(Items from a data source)

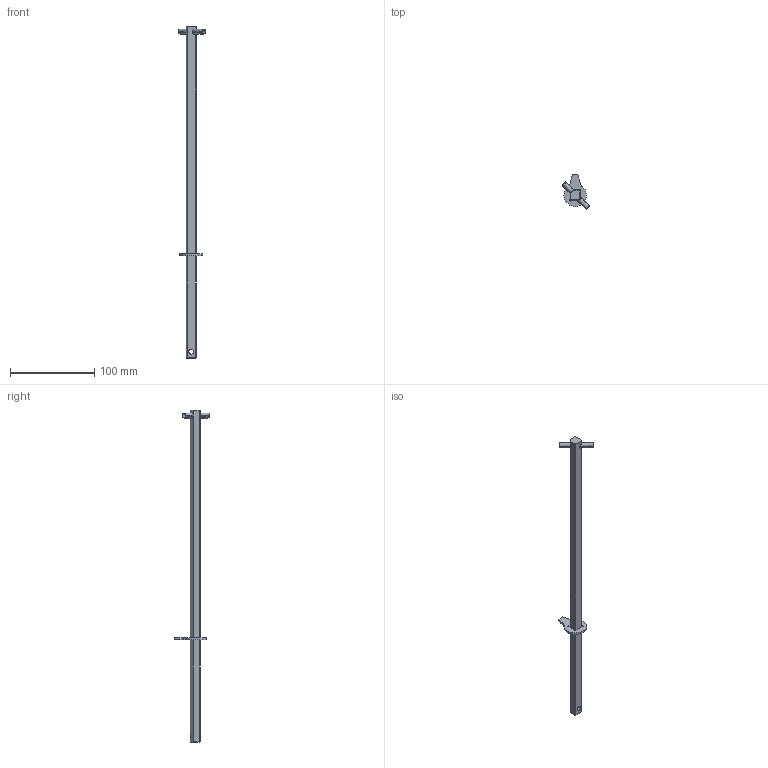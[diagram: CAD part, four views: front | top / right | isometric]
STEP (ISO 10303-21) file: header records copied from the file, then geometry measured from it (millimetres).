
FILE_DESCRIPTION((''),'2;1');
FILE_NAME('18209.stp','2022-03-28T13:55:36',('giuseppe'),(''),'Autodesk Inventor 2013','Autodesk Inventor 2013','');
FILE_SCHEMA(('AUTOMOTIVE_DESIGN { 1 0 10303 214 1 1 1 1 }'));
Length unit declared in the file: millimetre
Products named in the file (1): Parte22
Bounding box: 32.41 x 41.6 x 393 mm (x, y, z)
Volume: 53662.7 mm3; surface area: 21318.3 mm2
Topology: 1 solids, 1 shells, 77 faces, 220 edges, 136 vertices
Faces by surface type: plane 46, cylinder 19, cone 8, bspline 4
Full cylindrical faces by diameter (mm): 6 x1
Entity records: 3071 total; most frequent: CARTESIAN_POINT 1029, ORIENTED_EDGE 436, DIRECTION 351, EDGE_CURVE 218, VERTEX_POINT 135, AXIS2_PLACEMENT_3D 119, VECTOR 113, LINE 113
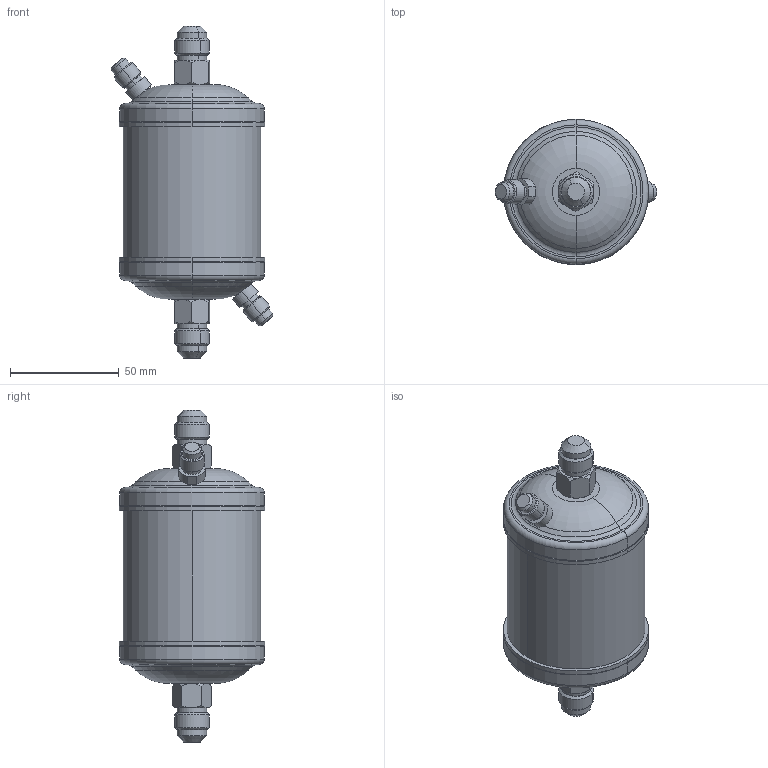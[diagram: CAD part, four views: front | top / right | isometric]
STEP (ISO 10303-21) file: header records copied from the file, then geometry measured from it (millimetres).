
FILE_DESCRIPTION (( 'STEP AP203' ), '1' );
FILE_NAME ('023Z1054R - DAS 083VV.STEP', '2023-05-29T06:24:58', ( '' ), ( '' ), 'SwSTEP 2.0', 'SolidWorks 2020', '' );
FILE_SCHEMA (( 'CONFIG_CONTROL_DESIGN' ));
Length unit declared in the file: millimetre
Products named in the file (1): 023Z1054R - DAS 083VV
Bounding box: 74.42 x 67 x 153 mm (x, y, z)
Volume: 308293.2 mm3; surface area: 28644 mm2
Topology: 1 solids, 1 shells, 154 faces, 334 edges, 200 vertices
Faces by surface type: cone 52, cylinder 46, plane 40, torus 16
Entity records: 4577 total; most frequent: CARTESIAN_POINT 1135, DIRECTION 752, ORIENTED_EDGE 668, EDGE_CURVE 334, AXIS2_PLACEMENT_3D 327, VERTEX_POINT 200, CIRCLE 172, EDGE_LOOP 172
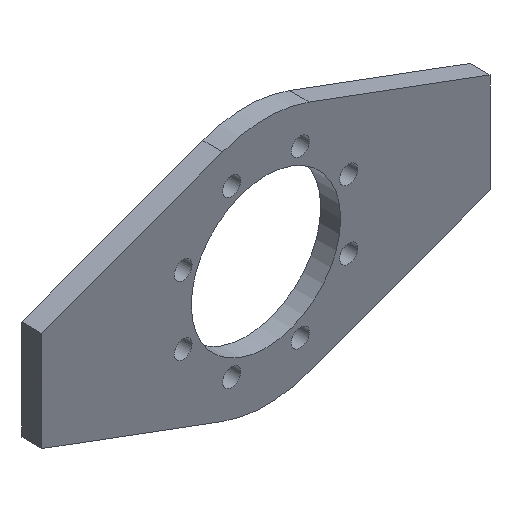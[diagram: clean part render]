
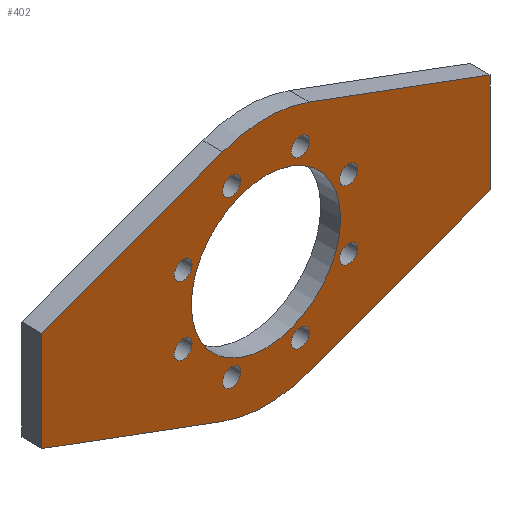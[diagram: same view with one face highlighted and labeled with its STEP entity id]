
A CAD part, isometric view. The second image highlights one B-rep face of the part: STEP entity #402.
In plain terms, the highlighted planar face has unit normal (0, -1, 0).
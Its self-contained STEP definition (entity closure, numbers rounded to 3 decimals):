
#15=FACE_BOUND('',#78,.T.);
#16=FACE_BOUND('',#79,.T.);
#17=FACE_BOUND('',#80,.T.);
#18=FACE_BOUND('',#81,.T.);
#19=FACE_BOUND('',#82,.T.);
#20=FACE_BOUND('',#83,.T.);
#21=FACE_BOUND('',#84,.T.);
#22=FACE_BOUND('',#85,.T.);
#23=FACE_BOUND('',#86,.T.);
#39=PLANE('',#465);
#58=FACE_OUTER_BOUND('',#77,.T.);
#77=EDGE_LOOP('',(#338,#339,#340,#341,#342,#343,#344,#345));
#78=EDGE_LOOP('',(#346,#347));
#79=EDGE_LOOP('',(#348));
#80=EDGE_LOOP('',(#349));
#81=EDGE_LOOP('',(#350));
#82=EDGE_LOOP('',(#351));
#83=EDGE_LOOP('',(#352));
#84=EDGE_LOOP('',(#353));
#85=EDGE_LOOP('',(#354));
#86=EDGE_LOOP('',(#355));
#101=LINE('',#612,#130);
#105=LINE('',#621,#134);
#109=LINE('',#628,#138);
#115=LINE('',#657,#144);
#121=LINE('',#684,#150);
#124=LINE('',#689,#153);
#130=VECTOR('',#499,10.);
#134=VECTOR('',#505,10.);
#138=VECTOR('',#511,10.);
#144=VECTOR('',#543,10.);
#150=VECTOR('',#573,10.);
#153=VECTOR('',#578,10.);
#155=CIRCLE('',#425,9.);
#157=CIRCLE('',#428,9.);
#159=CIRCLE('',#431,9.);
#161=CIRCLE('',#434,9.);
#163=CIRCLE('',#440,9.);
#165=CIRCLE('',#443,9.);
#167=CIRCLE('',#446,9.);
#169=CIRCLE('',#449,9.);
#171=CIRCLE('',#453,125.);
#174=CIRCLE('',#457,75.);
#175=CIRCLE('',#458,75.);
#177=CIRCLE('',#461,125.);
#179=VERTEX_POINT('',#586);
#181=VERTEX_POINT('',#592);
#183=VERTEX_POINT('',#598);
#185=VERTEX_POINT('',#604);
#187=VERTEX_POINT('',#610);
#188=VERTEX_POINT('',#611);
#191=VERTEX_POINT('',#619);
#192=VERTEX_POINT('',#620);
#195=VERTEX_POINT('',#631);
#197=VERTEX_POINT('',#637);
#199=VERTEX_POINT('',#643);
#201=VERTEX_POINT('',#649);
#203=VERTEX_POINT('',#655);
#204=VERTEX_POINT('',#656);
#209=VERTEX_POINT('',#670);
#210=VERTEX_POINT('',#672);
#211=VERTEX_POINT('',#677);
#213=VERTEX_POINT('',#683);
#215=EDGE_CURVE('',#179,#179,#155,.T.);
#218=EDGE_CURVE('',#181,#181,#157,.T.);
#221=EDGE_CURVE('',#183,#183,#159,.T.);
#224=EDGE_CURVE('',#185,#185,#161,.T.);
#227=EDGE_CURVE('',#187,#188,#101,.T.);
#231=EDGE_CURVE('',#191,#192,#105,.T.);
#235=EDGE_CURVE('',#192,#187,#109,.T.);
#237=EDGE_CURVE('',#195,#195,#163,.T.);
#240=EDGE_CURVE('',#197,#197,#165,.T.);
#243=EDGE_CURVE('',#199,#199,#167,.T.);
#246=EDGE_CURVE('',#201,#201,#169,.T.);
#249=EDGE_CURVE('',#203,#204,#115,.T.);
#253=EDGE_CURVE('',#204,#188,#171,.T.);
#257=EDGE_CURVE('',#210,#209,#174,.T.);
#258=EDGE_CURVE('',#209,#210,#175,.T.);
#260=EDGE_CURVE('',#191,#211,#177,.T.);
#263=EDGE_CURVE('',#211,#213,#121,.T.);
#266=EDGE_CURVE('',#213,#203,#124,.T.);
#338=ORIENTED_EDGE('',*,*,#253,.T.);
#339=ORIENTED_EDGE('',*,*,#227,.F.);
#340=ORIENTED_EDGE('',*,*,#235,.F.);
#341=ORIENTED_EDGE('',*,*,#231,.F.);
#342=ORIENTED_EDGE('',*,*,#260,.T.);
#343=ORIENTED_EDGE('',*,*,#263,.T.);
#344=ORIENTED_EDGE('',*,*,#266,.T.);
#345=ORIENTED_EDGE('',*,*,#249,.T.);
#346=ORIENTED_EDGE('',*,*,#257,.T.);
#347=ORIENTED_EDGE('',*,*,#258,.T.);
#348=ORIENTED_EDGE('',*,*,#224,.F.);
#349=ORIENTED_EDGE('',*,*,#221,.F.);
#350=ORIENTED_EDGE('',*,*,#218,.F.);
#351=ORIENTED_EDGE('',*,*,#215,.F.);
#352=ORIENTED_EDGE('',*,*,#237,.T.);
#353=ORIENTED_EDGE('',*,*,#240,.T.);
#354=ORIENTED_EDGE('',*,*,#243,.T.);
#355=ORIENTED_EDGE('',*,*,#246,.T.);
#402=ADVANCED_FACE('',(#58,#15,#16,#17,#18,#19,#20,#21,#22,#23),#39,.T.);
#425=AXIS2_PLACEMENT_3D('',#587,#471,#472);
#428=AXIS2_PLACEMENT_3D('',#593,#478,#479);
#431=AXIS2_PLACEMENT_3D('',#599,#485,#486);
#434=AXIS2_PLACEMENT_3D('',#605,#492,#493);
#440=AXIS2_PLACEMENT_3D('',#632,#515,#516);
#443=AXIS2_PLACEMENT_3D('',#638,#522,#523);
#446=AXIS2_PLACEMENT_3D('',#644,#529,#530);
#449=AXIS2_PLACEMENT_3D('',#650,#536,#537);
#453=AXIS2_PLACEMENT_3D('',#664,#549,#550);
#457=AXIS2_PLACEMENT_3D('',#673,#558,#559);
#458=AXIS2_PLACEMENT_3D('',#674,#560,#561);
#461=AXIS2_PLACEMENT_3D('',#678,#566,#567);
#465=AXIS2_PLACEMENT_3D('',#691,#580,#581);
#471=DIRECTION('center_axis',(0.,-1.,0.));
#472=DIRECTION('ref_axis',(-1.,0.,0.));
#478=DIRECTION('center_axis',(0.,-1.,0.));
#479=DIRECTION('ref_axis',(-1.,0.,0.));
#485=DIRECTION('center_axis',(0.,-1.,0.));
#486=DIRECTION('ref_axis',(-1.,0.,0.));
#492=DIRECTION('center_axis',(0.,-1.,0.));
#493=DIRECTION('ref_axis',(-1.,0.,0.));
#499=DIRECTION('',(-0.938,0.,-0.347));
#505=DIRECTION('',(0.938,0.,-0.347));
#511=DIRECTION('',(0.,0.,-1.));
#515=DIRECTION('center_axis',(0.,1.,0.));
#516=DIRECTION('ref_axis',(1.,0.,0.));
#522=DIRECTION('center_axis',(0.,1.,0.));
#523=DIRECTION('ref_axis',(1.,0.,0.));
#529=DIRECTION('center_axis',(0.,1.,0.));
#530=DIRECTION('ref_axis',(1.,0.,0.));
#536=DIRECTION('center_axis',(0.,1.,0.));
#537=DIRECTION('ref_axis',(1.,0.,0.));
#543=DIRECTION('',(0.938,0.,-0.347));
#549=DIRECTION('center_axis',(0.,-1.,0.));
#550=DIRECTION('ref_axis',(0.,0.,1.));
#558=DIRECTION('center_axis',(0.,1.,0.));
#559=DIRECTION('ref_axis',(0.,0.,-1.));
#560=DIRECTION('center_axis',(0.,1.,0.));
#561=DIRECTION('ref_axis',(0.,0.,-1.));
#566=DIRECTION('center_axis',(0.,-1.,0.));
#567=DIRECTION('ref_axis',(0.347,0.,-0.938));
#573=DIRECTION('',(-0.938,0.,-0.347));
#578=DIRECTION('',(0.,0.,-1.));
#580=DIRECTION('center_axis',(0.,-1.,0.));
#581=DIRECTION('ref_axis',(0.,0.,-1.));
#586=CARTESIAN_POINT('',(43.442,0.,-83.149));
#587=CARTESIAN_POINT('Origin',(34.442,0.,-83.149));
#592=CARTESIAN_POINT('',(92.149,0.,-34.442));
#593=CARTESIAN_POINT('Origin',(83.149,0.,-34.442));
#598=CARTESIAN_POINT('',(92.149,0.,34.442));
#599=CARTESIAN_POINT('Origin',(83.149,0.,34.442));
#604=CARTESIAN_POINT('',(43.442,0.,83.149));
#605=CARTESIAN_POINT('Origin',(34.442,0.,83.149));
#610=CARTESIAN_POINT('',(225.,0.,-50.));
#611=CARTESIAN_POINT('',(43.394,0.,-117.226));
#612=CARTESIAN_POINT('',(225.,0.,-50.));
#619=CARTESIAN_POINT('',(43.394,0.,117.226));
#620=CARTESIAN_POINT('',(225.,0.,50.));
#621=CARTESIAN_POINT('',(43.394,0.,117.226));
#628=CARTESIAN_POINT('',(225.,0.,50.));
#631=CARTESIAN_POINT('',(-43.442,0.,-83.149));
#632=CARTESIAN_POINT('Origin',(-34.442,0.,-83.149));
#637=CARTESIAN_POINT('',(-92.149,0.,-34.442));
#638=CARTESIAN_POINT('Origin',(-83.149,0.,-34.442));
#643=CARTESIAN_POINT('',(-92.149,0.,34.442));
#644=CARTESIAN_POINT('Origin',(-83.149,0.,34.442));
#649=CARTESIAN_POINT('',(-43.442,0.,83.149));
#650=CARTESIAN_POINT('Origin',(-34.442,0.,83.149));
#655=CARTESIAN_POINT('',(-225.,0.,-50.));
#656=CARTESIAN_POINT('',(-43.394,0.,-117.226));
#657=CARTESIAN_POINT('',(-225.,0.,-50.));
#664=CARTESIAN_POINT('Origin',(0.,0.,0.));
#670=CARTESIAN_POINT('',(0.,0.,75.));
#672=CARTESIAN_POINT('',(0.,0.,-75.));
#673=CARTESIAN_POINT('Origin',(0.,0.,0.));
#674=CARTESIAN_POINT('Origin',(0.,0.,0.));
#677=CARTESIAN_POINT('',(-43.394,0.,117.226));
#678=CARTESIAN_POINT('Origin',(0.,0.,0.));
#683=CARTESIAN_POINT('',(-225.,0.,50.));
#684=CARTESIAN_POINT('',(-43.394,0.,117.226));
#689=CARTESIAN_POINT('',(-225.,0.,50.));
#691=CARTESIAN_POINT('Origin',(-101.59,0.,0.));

### EXERCISE
Given the records above, reproduce precisely and only the lines between the line holding "#18=FACE_BOUND('',#81,.T.);" and the line holding "#150=VECTOR('',#573,10.);", inclusive.

### ANSWER TO THIS TASK
#18=FACE_BOUND('',#81,.T.);
#19=FACE_BOUND('',#82,.T.);
#20=FACE_BOUND('',#83,.T.);
#21=FACE_BOUND('',#84,.T.);
#22=FACE_BOUND('',#85,.T.);
#23=FACE_BOUND('',#86,.T.);
#39=PLANE('',#465);
#58=FACE_OUTER_BOUND('',#77,.T.);
#77=EDGE_LOOP('',(#338,#339,#340,#341,#342,#343,#344,#345));
#78=EDGE_LOOP('',(#346,#347));
#79=EDGE_LOOP('',(#348));
#80=EDGE_LOOP('',(#349));
#81=EDGE_LOOP('',(#350));
#82=EDGE_LOOP('',(#351));
#83=EDGE_LOOP('',(#352));
#84=EDGE_LOOP('',(#353));
#85=EDGE_LOOP('',(#354));
#86=EDGE_LOOP('',(#355));
#101=LINE('',#612,#130);
#105=LINE('',#621,#134);
#109=LINE('',#628,#138);
#115=LINE('',#657,#144);
#121=LINE('',#684,#150);
#124=LINE('',#689,#153);
#130=VECTOR('',#499,10.);
#134=VECTOR('',#505,10.);
#138=VECTOR('',#511,10.);
#144=VECTOR('',#543,10.);
#150=VECTOR('',#573,10.);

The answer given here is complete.